Entries taken from a collection
——
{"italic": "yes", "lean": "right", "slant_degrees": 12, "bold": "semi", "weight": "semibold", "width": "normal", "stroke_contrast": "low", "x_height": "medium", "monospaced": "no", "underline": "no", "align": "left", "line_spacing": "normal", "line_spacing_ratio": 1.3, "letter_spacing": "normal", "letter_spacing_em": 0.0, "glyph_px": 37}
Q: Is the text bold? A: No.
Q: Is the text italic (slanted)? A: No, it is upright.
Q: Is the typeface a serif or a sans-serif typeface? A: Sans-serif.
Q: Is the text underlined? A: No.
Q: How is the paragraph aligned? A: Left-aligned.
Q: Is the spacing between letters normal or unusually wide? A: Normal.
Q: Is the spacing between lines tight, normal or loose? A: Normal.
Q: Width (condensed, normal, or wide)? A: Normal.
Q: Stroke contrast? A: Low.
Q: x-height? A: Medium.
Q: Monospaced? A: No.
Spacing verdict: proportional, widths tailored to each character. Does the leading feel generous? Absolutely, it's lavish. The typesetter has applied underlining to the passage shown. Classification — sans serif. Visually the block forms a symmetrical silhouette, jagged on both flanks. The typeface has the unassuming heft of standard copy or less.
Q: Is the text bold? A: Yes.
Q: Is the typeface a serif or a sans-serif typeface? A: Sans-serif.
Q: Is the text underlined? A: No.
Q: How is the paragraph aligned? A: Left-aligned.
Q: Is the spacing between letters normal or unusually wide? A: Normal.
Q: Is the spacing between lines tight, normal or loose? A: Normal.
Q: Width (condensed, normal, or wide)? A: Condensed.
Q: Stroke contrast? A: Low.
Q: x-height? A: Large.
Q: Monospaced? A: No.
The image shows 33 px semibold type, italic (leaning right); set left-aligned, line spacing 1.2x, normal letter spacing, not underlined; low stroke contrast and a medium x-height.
——
• **AIM OF THE EXERCISE**
Your task is to quote all of the data word for word.

• **TASK RESPONSE**
{"italic": "yes", "lean": "right", "slant_degrees": 12, "bold": "semi", "weight": "semibold", "width": "normal", "stroke_contrast": "low", "x_height": "medium", "monospaced": "no", "underline": "no", "align": "left", "line_spacing": "normal", "line_spacing_ratio": 1.3, "letter_spacing": "normal", "letter_spacing_em": 0.0, "glyph_px": 37}
Q: Is the text bold? A: No.
Q: Is the text italic (slanted)? A: No, it is upright.
Q: Is the typeface a serif or a sans-serif typeface? A: Sans-serif.
Q: Is the text underlined? A: No.
Q: How is the paragraph aligned? A: Left-aligned.
Q: Is the spacing between letters normal or unusually wide? A: Normal.
Q: Is the spacing between lines tight, normal or loose? A: Normal.
Q: Width (condensed, normal, or wide)? A: Normal.
Q: Stroke contrast? A: Low.
Q: x-height? A: Medium.
Q: Monospaced? A: No.
Spacing verdict: proportional, widths tailored to each character. Does the leading feel generous? Absolutely, it's lavish. The typesetter has applied underlining to the passage shown. Classification — sans serif. Visually the block forms a symmetrical silhouette, jagged on both flanks. The typeface has the unassuming heft of standard copy or less.
Q: Is the text bold? A: Yes.
Q: Is the typeface a serif or a sans-serif typeface? A: Sans-serif.
Q: Is the text underlined? A: No.
Q: How is the paragraph aligned? A: Left-aligned.
Q: Is the spacing between letters normal or unusually wide? A: Normal.
Q: Is the spacing between lines tight, normal or loose? A: Normal.
Q: Width (condensed, normal, or wide)? A: Condensed.
Q: Stroke contrast? A: Low.
Q: x-height? A: Large.
Q: Monospaced? A: No.
The image shows 33 px semibold type, italic (leaning right); set left-aligned, line spacing 1.2x, normal letter spacing, not underlined; low stroke contrast and a medium x-height.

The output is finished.